-- Opening Marker --
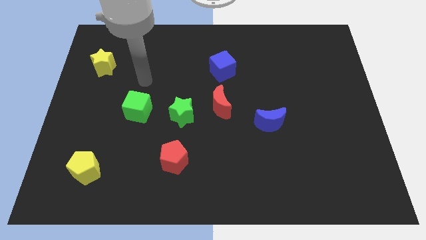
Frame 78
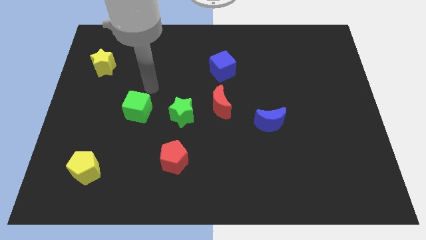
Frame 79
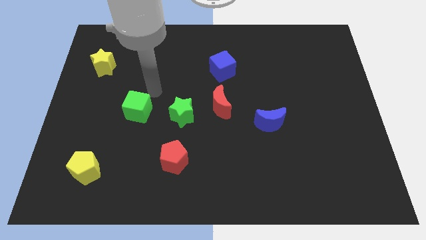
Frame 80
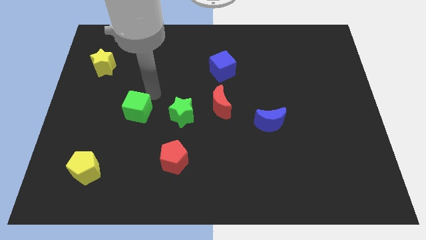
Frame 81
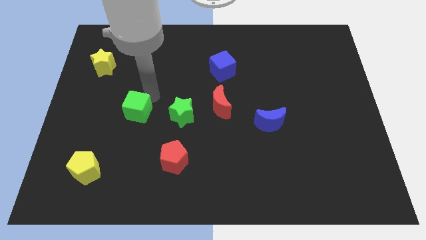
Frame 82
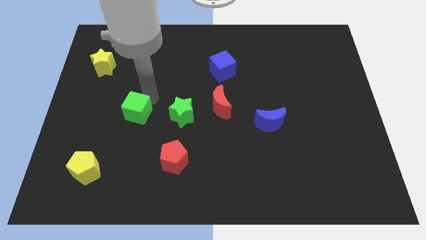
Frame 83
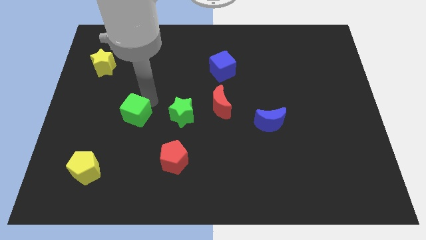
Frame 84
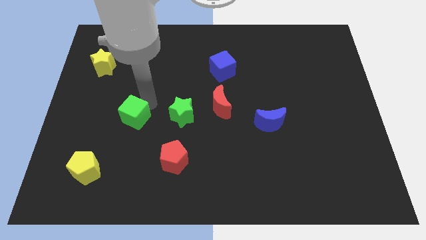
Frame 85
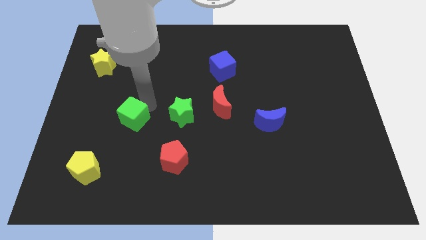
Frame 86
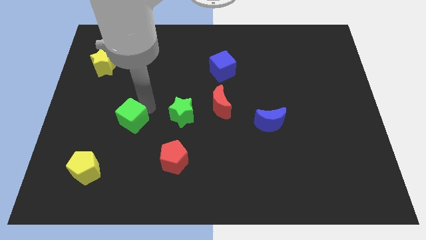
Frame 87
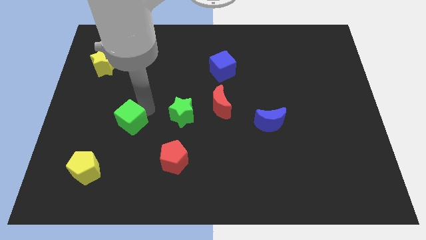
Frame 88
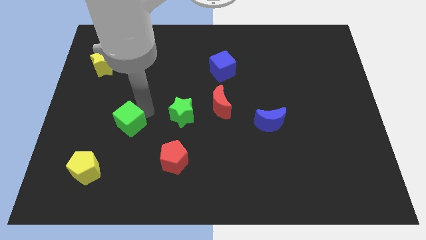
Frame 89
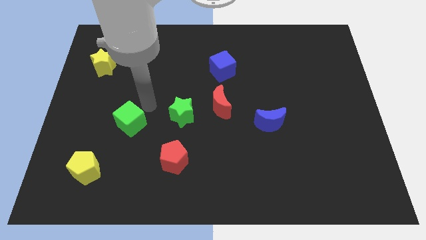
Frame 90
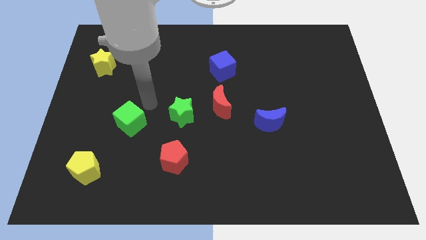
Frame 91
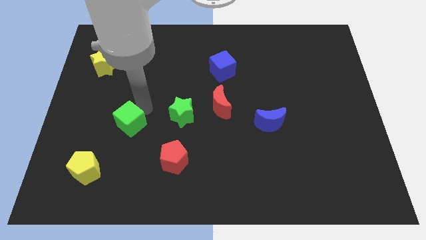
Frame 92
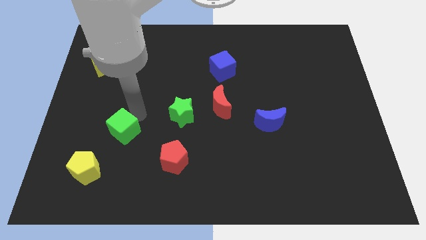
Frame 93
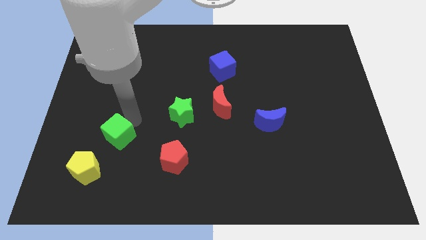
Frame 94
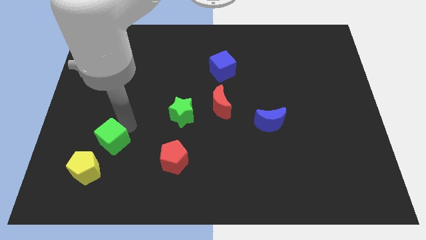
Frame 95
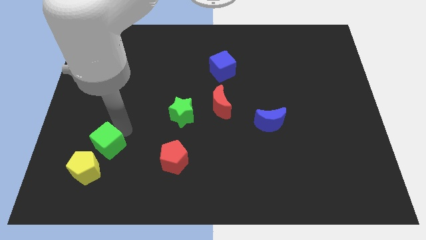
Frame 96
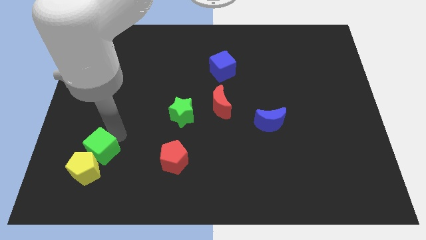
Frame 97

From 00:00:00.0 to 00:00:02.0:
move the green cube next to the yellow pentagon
-- Closing Marker --
What you will do
Word-for-word transcription: the whole listing, with images excluded.

Answer box
Frame 78
Frame 79
Frame 80
Frame 81
Frame 82
Frame 83
Frame 84
Frame 85
Frame 86
Frame 87
Frame 88
Frame 89
Frame 90
Frame 91
Frame 92
Frame 93
Frame 94
Frame 95
Frame 96
Frame 97

From 00:00:00.0 to 00:00:02.0:
move the green cube next to the yellow pentagon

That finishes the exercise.